您的 col 列表缺少一个元素，有 19 列，而不是 18 列：

>>> len([str(i) for i in range(18)])
18

除了你似乎把事情复杂化了。应该这样做：

import requests
from bs4 import BeautifulSoup
import pandas as pd

price_response = requests.get('http://sharesansar.com/c/today-share-price.html')
price_table = BeautifulSoup(price_response.text, 'lxml').find('table', {'class': 'table'})
price_rows = [[cell.text for cell in row.find_all(['th', 'td'])] for row in price_table.find_all('tr')]
price_df = pd.DataFrame(price_rows[1:], columns=price_rows[0])

com_df = None
for symbol in price_df['Symbol']:
    comp_response = requests.get('http://merolagani.com/CompanyDetail.aspx?symbol=%s' % symbol)
    comp_table = BeautifulSoup(comp_response.text, 'lxml').find('table', {'class': 'table'})
    com_header, com_value = list(), list()
    for tbody in comp_table.find_all('tbody'):
        comp_row = tbody.find('tr')
        com_header.append(comp_row.find('th').text.strip().replace('\n', ' ').replace('\r', ' '))
        com_value.append(comp_row.find('td').text.strip().replace('\n', ' ').replace('\r', ' '))
    df = pd.DataFrame([com_value], columns=com_header)
    com_df = df if com_df is None else pd.concat([com_df, df])

print(price_df)
print(com_df)

【讨论】：

我仍然得到列不匹配（问题 1）。
成功了！
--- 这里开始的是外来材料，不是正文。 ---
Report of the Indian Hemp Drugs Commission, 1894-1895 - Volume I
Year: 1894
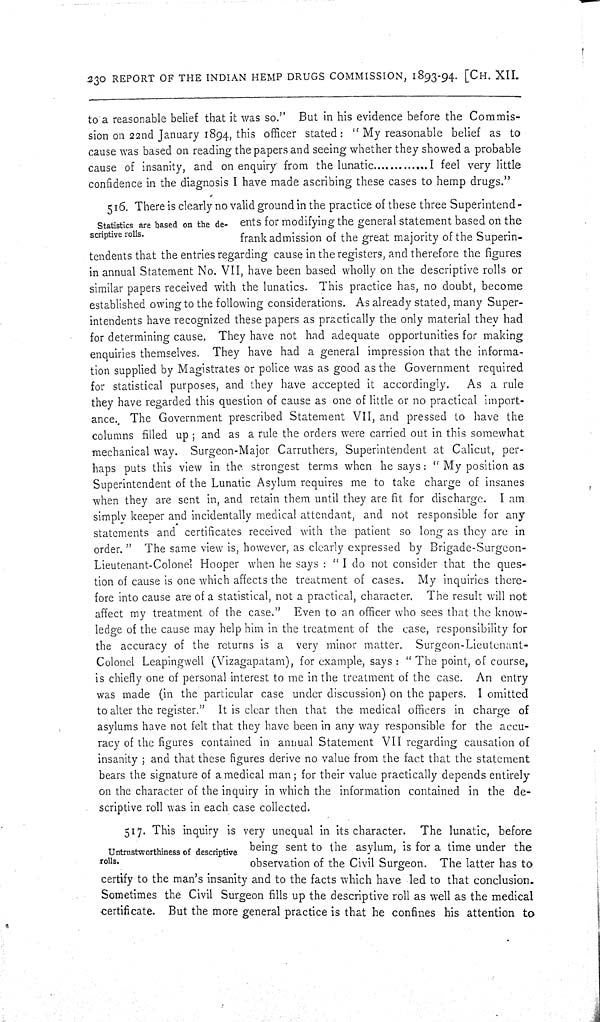
230 REPORT OF THE INDIAN HEMP DRUGS COMMISSION, 1893-94. [CH. XII.
to a reasonable belief that it was so." But in his evidence before the Commis-
sion on 22nd January 1894, this officer stated: "My reasonable belief as to
cause was based on reading the papers and seeing whether they showed a probable
cause of insanity, and on enquiry from the lunatic.............I feel very little
confidence in the diagnosis I have made ascribing these cases to hemp drugs."
Stati sti cs are based on the de-
scri pti ve rolls.
516. There is clearly no valid ground in the practice of these three Superintend-
ents for modifying the general statement based on the
frank admission of the great majority of the Superin-
tendents that the entries regarding cause in the registers, and therefore the figures
in annual Statement No. VII, have been based wholly on the descriptive rolls or
similar papers received with the lunatics. This practice has, no doubt, become
established owing to the following considerations. As already stated, many Super-
intendents have recognized these papers as practically the only material they had
for determining cause. They have not had adequate opportunities for making
enquiries themselves. They have had a general impression that the informa-
tion supplied by Magistrates or police was as good as the Government required
for statistical purposes, and they have accepted it accordingly. As a rule
they have regarded this question of cause as one of little or no practical import-
ance. The Government prescribed Statement VII, and pressed to have the
columns filled up; and as a rule the orders were carried out in this somewhat
mechanical way. Surgeon-Major Carruthers, Superintendent at Calicut, per-
haps puts this view in the strongest terms when he says: "My position as
Superintendent of the Lunatic Asylum requires me to take charge of insanes
when they are sent in, and retain them until they are fit for discharge. I am
simply keeper and incidentally medical attendant, and not responsible for any
statements and certificates received with the patient so long as they are in
order." The same view is, however, as clearly expressed by Brigade-Surgeon-
Lieutenant-Colonel Hooper when he says: "I do not consider that the ques-
tion of cause is one which affects the treatment of cases. My inquiries there-
fore into cause are of a statistical, not a practical, character. The result will not
affect my treatment of the case." Even to an officer who sees that the know-
ledge of the cause may help him in the treatment of the case, responsibility for
the accuracy of the returns is a very minor matter. Surgeon-Lieutenant-
Colonel Leapingwell (Vizagapatam), for example, says: "The point, of course,
is chiefly one of personal interest to me in the treatment of the case. An entry
was made (in the particular case under discussion) on the papers. I omitted
to alter the register." It is clear then that the medical officers in charge of
asylums have not felt that they have been in any way responsible for the accu-
racy of the figures contained in annual Statement VII regarding causation of
insanity; and that these figures derive no value from the fact that the statement
bears the signature of a medical man; for their value practically depends entirely
on the character of the inquiry in which the information contained in the de-
scriptive roll was in each case collected.
Untrustworthi ness of descri pti ve
rolls.
517. This inquiry is very unequal in its character. The lunatic, before
being sent to the asylum, is for a time under the
observation of the Civil Surgeon. The latter has to
certify to the man's insanity and to the facts which have led to that conclusion.
Sometimes the Civil Surgeon fills up the descriptive roll as well as the medical
certificate. But the more general practice is that he confines his attention to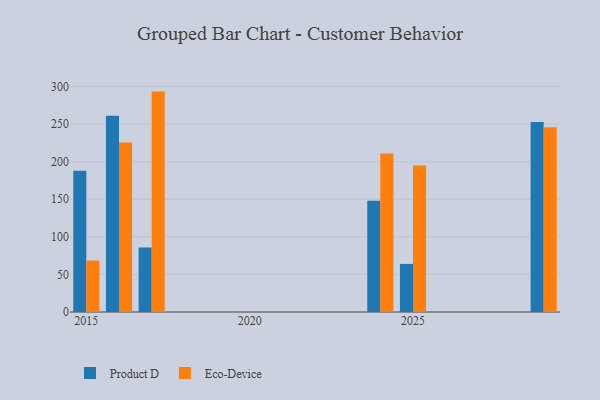
{"axis": {"x": "Year", "y": "Tickets Resolved"}, "legend": ["Eco-Device", "Product D"], "data": [{"x": "2025", "y": 64.0, "type": "Product D"}, {"x": "2025", "y": 195.1, "type": "Eco-Device"}, {"x": "2017", "y": 85.7, "type": "Product D"}, {"x": "2017", "y": 293.3, "type": "Eco-Device"}, {"x": "2024", "y": 147.9, "type": "Product D"}, {"x": "2024", "y": 211.0, "type": "Eco-Device"}, {"x": "2016", "y": 261.1, "type": "Product D"}, {"x": "2016", "y": 225.7, "type": "Eco-Device"}, {"x": "2029", "y": 252.9, "type": "Product D"}, {"x": "2029", "y": 245.8, "type": "Eco-Device"}, {"x": "2015", "y": 188.0, "type": "Product D"}, {"x": "2015", "y": 68.5, "type": "Eco-Device"}]}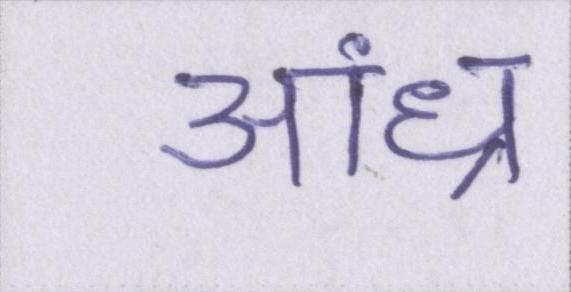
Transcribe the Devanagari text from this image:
आंध्र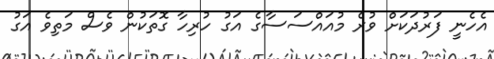
އެހެނީ ފަރުދަކަށް ވުރެ މުއައްސަސާގެ އަގު ހުރިހާ ގޮތަކުން ވެސް މަތިވެ އަގު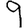
Digit: 9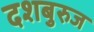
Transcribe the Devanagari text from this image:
दशबुरुज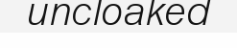
uncloaked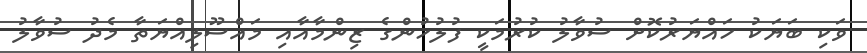
ވަކި ބަޔަކު ހައްޔަރުކޮށް ސުވާލު ކުރުމަކީ ފުލުހުންގެ ޒިންމާއާއި މައްސޫލިއްޔަތާ މެދު ސުވާލު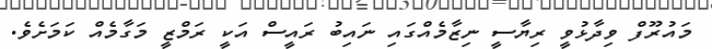
މައުރޫފް ވިދާޅުވީ ރިޔާސީ ނިޒާމެއްގައި ނައިބު ރައީސް އަކީ ރަމްޒީ މަގާމެއް ކަމަށެވެ.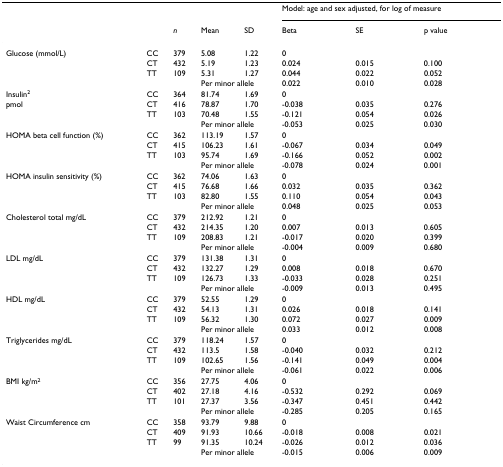
<table><thead><tr><td></td><td></td><td></td><td></td><td></td><td colspan="3"><b>Model: age and sex adjusted, for log of measure</b></td></tr><tr><td></td><td></td><td><b><i>n</i></b></td><td><b>Mean</b></td><td><b>SD</b></td><td><b>Beta</b></td><td><b>SE</b></td><td><b>p value</b></td></tr></thead><tbody><tr><td>Glucose (mmol/L)</td><td>CC</td><td>379</td><td>5.08</td><td>1.22</td><td>0</td><td></td><td></td></tr><tr><td></td><td>CT</td><td>432</td><td>5.19</td><td>1.23</td><td>0.024</td><td>0.015</td><td>0.100</td></tr><tr><td></td><td>TT</td><td>109</td><td>5.31</td><td>1.27</td><td>0.044</td><td>0.022</td><td>0.052</td></tr><tr><td></td><td></td><td></td><td colspan="2">Per minor allele</td><td>0.022</td><td>0.010</td><td>0.028</td></tr><tr><td>Insulin<sup>2</sup></td><td>CC</td><td>364</td><td>81.74</td><td>1.69</td><td>0</td><td></td><td></td></tr><tr><td>pmol</td><td>CT</td><td>416</td><td>78.87</td><td>1.70</td><td>-0.038</td><td>0.035</td><td>0.276</td></tr><tr><td></td><td>TT</td><td>103</td><td>70.48</td><td>1.55</td><td>-0.121</td><td>0.054</td><td>0.026</td></tr><tr><td></td><td></td><td></td><td colspan="2">Per minor allele</td><td>-0.053</td><td>0.025</td><td>0.030</td></tr><tr><td>HOMA beta cell function (%)</td><td>CC</td><td>362</td><td>113.19</td><td>1.57</td><td>0</td><td></td><td></td></tr><tr><td></td><td>CT</td><td>415</td><td>106.23</td><td>1.61</td><td>-0.067</td><td>0.034</td><td>0.049</td></tr><tr><td></td><td>TT</td><td>103</td><td>95.74</td><td>1.69</td><td>-0.166</td><td>0.052</td><td>0.002</td></tr><tr><td></td><td></td><td></td><td colspan="2">Per minor allele</td><td>-0.078</td><td>0.024</td><td>0.001</td></tr><tr><td>HOMA insulin sensitivity (%)</td><td>CC</td><td>362</td><td>74.06</td><td>1.63</td><td>0</td><td></td><td></td></tr><tr><td></td><td>CT</td><td>415</td><td>76.68</td><td>1.66</td><td>0.032</td><td>0.035</td><td>0.362</td></tr><tr><td></td><td>TT</td><td>103</td><td>82.80</td><td>1.55</td><td>0.110</td><td>0.054</td><td>0.043</td></tr><tr><td></td><td></td><td></td><td colspan="2">Per minor allele</td><td>0.048</td><td>0.025</td><td>0.053</td></tr><tr><td>Cholesterol total mg/dL</td><td>CC</td><td>379</td><td>212.92</td><td>1.21</td><td>0</td><td></td><td></td></tr><tr><td></td><td>CT</td><td>432</td><td>214.35</td><td>1.20</td><td>0.007</td><td>0.013</td><td>0.605</td></tr><tr><td></td><td>TT</td><td>109</td><td>208.83</td><td>1.21</td><td>-0.017</td><td>0.020</td><td>0.399</td></tr><tr><td></td><td></td><td></td><td colspan="2">Per minor allele</td><td>-0.004</td><td>0.009</td><td>0.680</td></tr><tr><td>LDL mg/dL</td><td>CC</td><td>379</td><td>131.38</td><td>1.31</td><td>0</td><td></td><td></td></tr><tr><td></td><td>CT</td><td>432</td><td>132.27</td><td>1.29</td><td>0.008</td><td>0.018</td><td>0.670</td></tr><tr><td></td><td>TT</td><td>109</td><td>126.73</td><td>1.33</td><td>-0.033</td><td>0.028</td><td>0.251</td></tr><tr><td></td><td></td><td></td><td colspan="2">Per minor allele</td><td>-0.009</td><td>0.013</td><td>0.495</td></tr><tr><td>HDL mg/dL</td><td>CC</td><td>379</td><td>52.55</td><td>1.29</td><td>0</td><td></td><td></td></tr><tr><td></td><td>CT</td><td>432</td><td>54.13</td><td>1.31</td><td>0.026</td><td>0.018</td><td>0.141</td></tr><tr><td></td><td>TT</td><td>109</td><td>56.32</td><td>1.30</td><td>0.072</td><td>0.027</td><td>0.009</td></tr><tr><td></td><td></td><td></td><td colspan="2">Per minor allele</td><td>0.033</td><td>0.012</td><td>0.008</td></tr><tr><td>Triglycerides mg/dL</td><td>CC</td><td>379</td><td>118.24</td><td>1.57</td><td>0</td><td></td><td></td></tr><tr><td></td><td>CT</td><td>432</td><td>113.5</td><td>1.58</td><td>-0.040</td><td>0.032</td><td>0.212</td></tr><tr><td></td><td>TT</td><td>109</td><td>102.65</td><td>1.56</td><td>-0.141</td><td>0.049</td><td>0.004</td></tr><tr><td></td><td></td><td></td><td colspan="2">Per minor allele</td><td>-0.061</td><td>0.022</td><td>0.006</td></tr><tr><td>BMI kg/m<sup>2</sup></td><td>CC</td><td>356</td><td>27.75</td><td>4.06</td><td>0</td><td></td><td></td></tr><tr><td></td><td>CT</td><td>402</td><td>27.18</td><td>4.16</td><td>-0.532</td><td>0.292</td><td>0.069</td></tr><tr><td></td><td>TT</td><td>101</td><td>27.37</td><td>3.56</td><td>-0.347</td><td>0.451</td><td>0.442</td></tr><tr><td></td><td></td><td></td><td colspan="2">Per minor allele</td><td>-0.285</td><td>0.205</td><td>0.165</td></tr><tr><td>Waist Circumference cm</td><td>CC</td><td>358</td><td>93.79</td><td>9.88</td><td>0</td><td></td><td></td></tr><tr><td></td><td>CT</td><td>409</td><td>91.93</td><td>10.66</td><td>-0.018</td><td>0.008</td><td>0.021</td></tr><tr><td></td><td>TT</td><td>99</td><td>91.35</td><td>10.24</td><td>-0.026</td><td>0.012</td><td>0.036</td></tr><tr><td></td><td></td><td></td><td colspan="2">Per minor allele</td><td>-0.015</td><td>0.006</td><td>0.009</td></tr></tbody></table>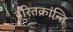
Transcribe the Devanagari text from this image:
हरितक्रांन्ति

非常感谢。问题2呢？有没有发现什么错误？
@Kishor 它正在获取第一页上的所有代码。将.head(3) 添加到price_df['Symbol']，这样for symbol in price_df['Symbol'].head(3): 就会提前终止。然后您只获取前 3 个公司信息页面。
关于问题 2，在该站点中，当您向下滚动时，您会看到一个选项卡（具有关于、公告、新闻价格历史等列）。在“价格历史”选项卡下有一张桌子，我想抓住它。我试过但做不到。你能帮帮我吗？
@Kishor 获取 ID 为 divHistory 的 div：.find_all('div', {'id': 'divHistory'})。从那里抓住桌子，然后像以前一样抓住行等。试试看，如果您遇到困难，请向我们展示您的代码，以及失败的方式/位置。我强烈建议您从右键单击上下文菜单中使用 Chrome 的检查工具。右键单击您要查找的任何内容，然后进行检查。这将向您准确显示您需要抓取的内容。